Es setzt einen Fokus auf Gott und seine Liebe voraus, mit einem reichen und intensiven Gebetsleben, das St. Augustins eigenen Satz formulieren kann: "Du hast uns zu Dir gemacht, Herr, und unser Herz ist unruhig, bis es in Dir ruht." , aber das weiß auch, wie man tiefe emotionale Beziehungen zu den Menschen aufnimmt, mit denen es verbunden ist. Jungfräulichkeit ergibt sich aus dem Evangelium und ist besonders in unserer hedonistischen Welt als Zeugnis notwendig. „In Jungfräulichkeit und Zölibat , behält Keuschheit seine ursprüngliche Bedeutung, nämlich , dass die menschlichen Sexualität gelebt als ein echtes Zeichen und wertvollen Dienst an die Liebe der Gemeinschaft und die Gabe von “ (Apostolisches Schreiben von Johannes Paul II , „Pastores dabo vobis » Nr. 29).

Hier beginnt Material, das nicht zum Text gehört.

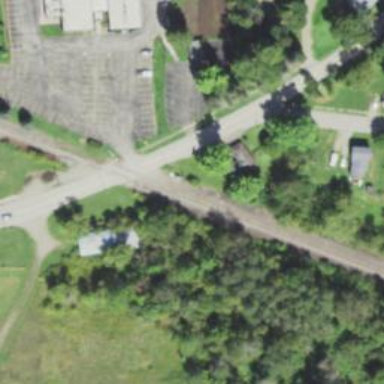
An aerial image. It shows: Railway siding for service.
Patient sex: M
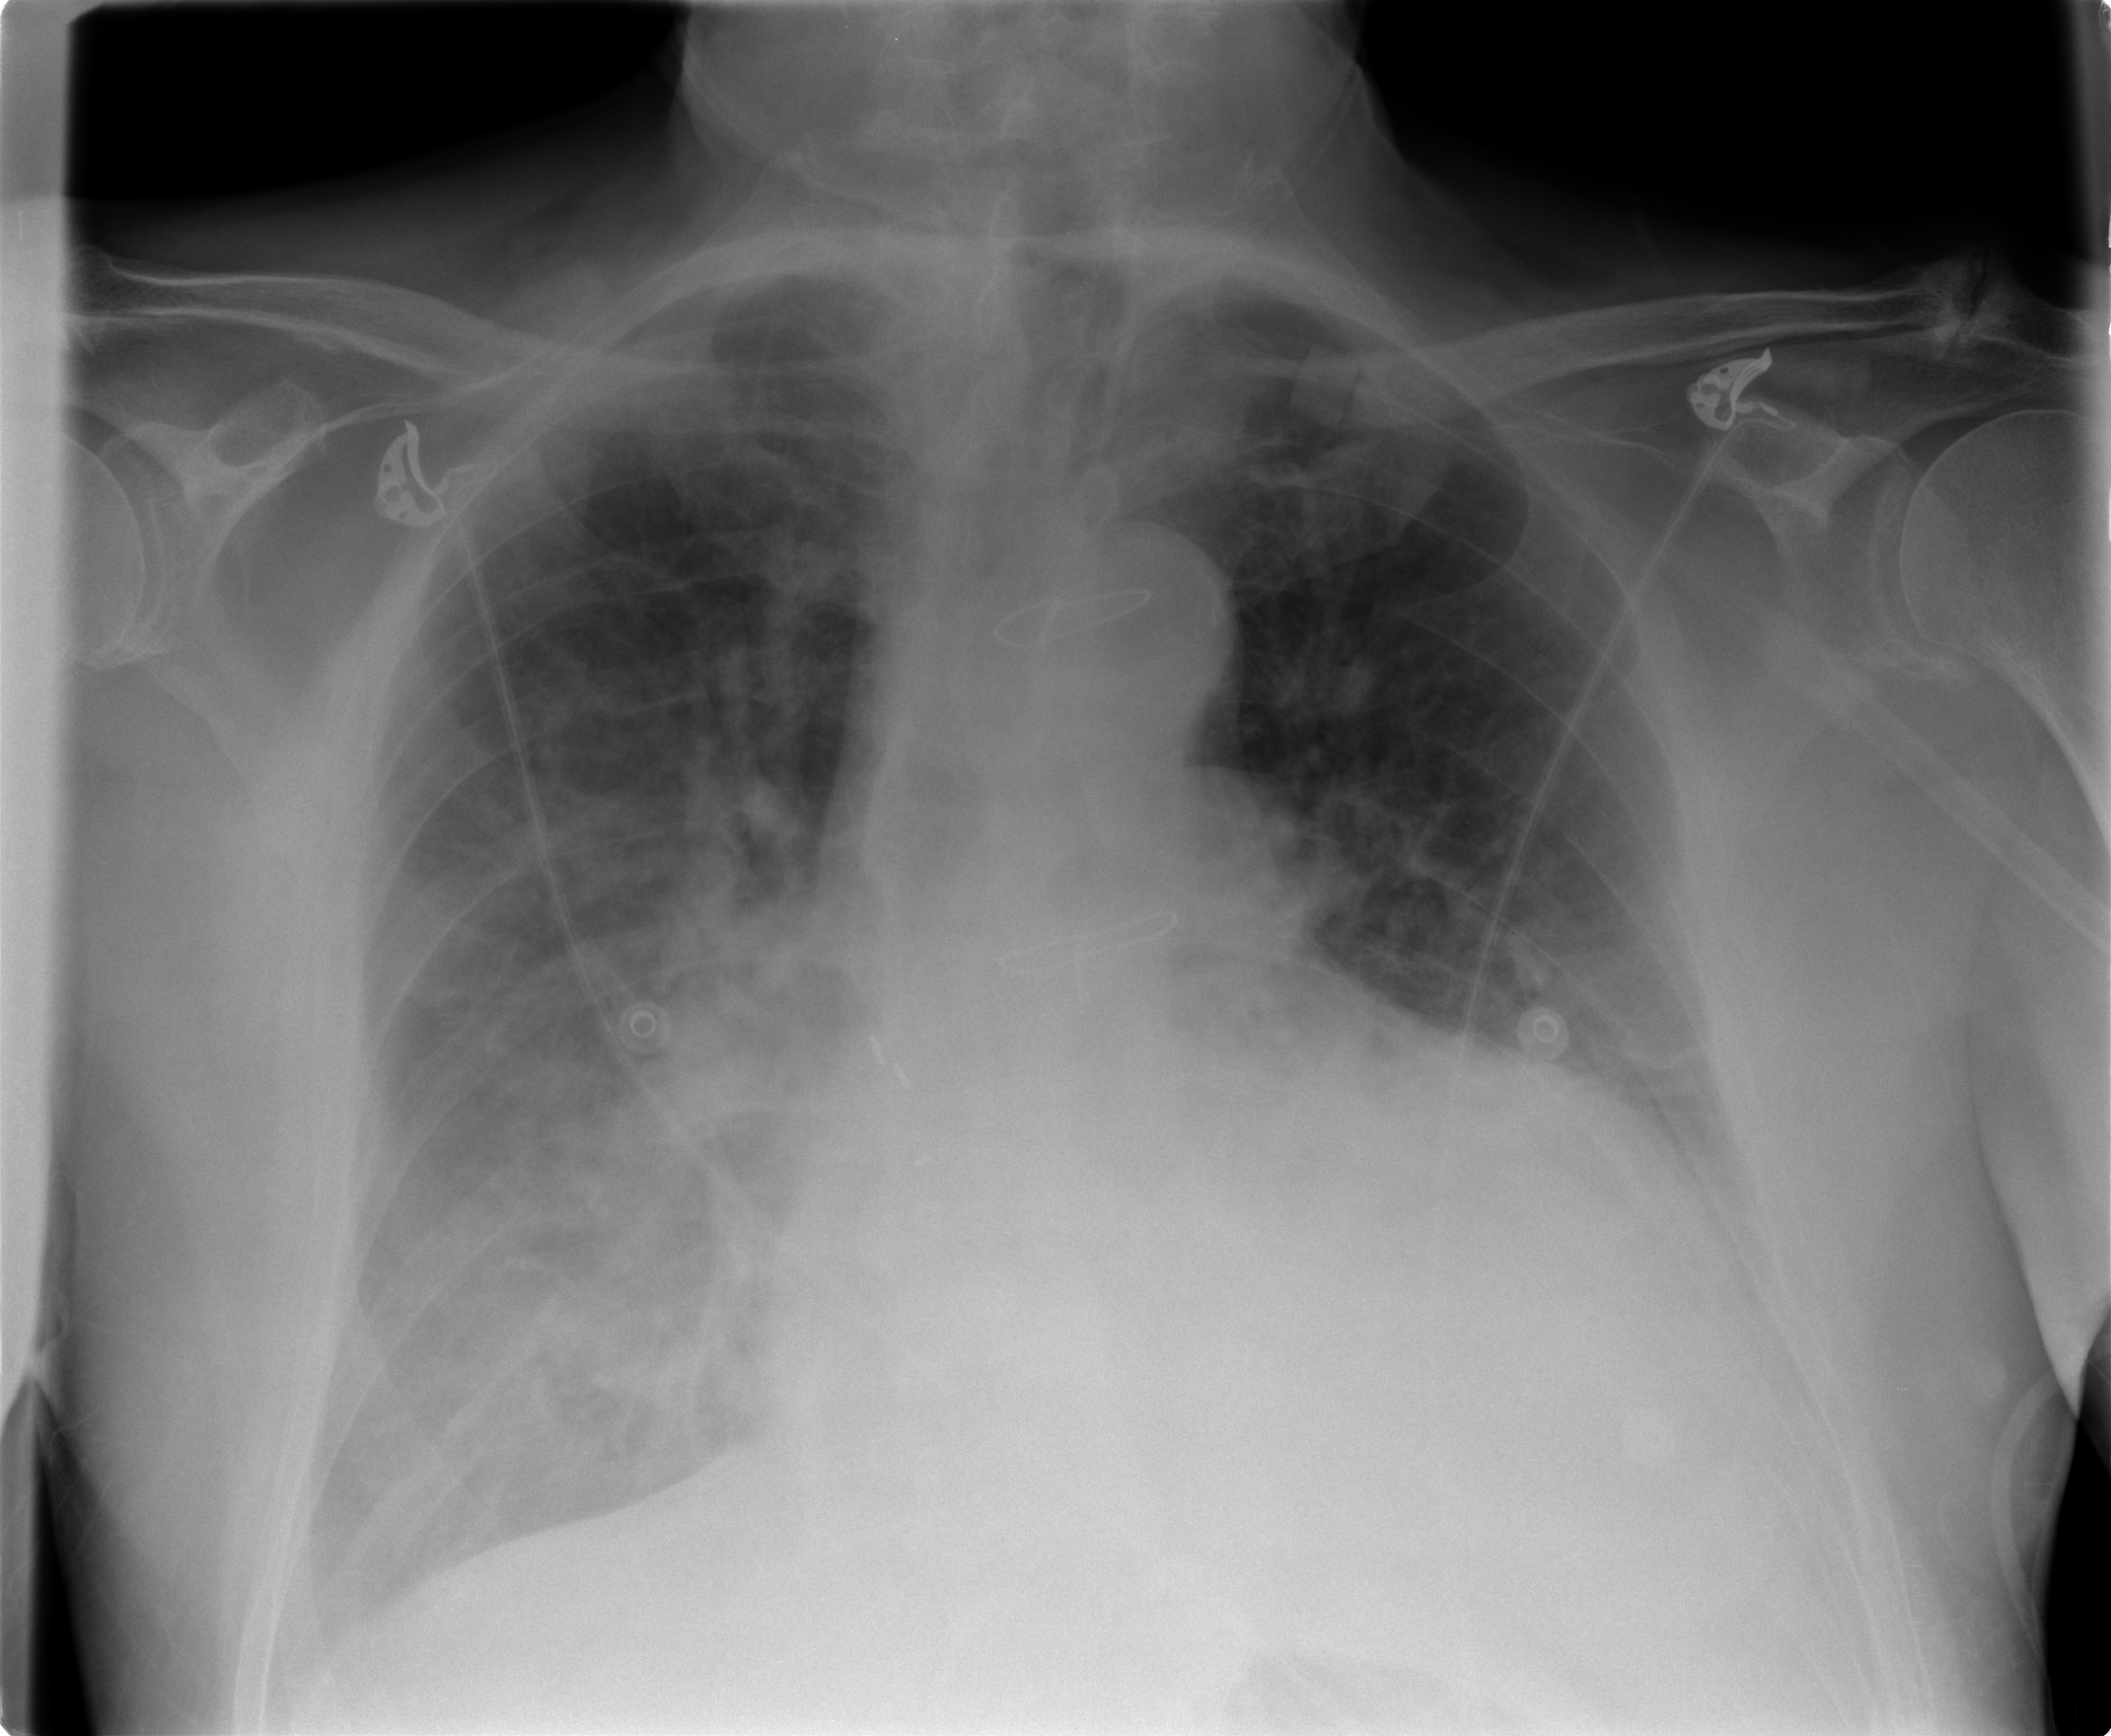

Das Zölibat hat oft mehr Zeit, Geld, Zuneigung und Freundschaft. Sie können sich voll und ganz den aufnehmenden und sogar gefährlichen Verpflichtungen widmen. Sein Leben gehört nur ihm und Christus, und deshalb ist er freierzu dienen Das Zölibat ist ein Zeichen des Vertrauens in die moralische Freiheit des Menschen. Obwohl es nützlich ist, dass es Menschen gibt, die sich zwei oder drei Jahre lang einer Aufgabe widmen, werden mehr Menschen als je zuvor benötigt, die sich vollständig geben, denn es gibt Berufe, die die ganze Person erfordern. Es hat somit größere Spendenmöglichkeiten und Effizienz, um bestimmte Positionen und Provisionen zu erfüllen. Sie impliziert immer eine Einstellung der Verfügbarkeit und des Dienstes für andere und sollte niemals auf einfacher Selbstsucht und Bequemlichkeit beruhen, noch sollte dies für unreife Menschen, die nicht in der Lage sind, die Schwierigkeiten des Lebens zu meistern, bestehen. Er muss daher offener gegenüber Veränderungen und Verfügbarkeit sein, und wenn seine Keuschheit positiv gelebt wird, ist dies eine aktive, vertrauensvolle und freie Haltung. Menschlich ist es wichtig, Sexualität in die gesamte Persönlichkeit zu integrieren,

Wir sollten die Jungfräulichkeit nicht mit dem Laster der Unempfindlichkeit verwechseln , das souverän gegen die Keuschheit sündigt, oder nicht glauben, dass die Keuschheit den Menschen mindert, und obwohl es wahr ist, dass der jungfräuliche Mensch keine Werte mehr entwickelt, soll er sich entwickeln andere Vorgesetzte. Es ist eine schöpferische Haltung der Verwirklichung eines Wertes, auch wenn es die Unterdrückung eines anderen Gutes und Erwünschten wie die eheliche Liebe erfordert. Wir sind alle begrenzt und unser Fortschritt bedeutet, sich für Werte zu entscheiden und auf andere zu verzichten. Aber im Bereich der Ausbildung,Wir müssen sicherstellen, dass dies so weit und dauerhaft wie möglich ist und alle Bereiche des christlichen Lebens abdeckt, ohne dass Kultur und Humanwissenschaften darüber vergessen werden, und sich durch das offenbarte Wort und die Zeichen der Zeit herausgefordert werden. Damit das Zölibat reif leben kann, ist eine Sublimierung erforderlich, ein Vorgang, durch den der Mensch in den Dienst höherer Aufgaben eine Kraft seiner Persönlichkeit stellt, die ursprünglich auf andere Ziele ausgerichtet ist.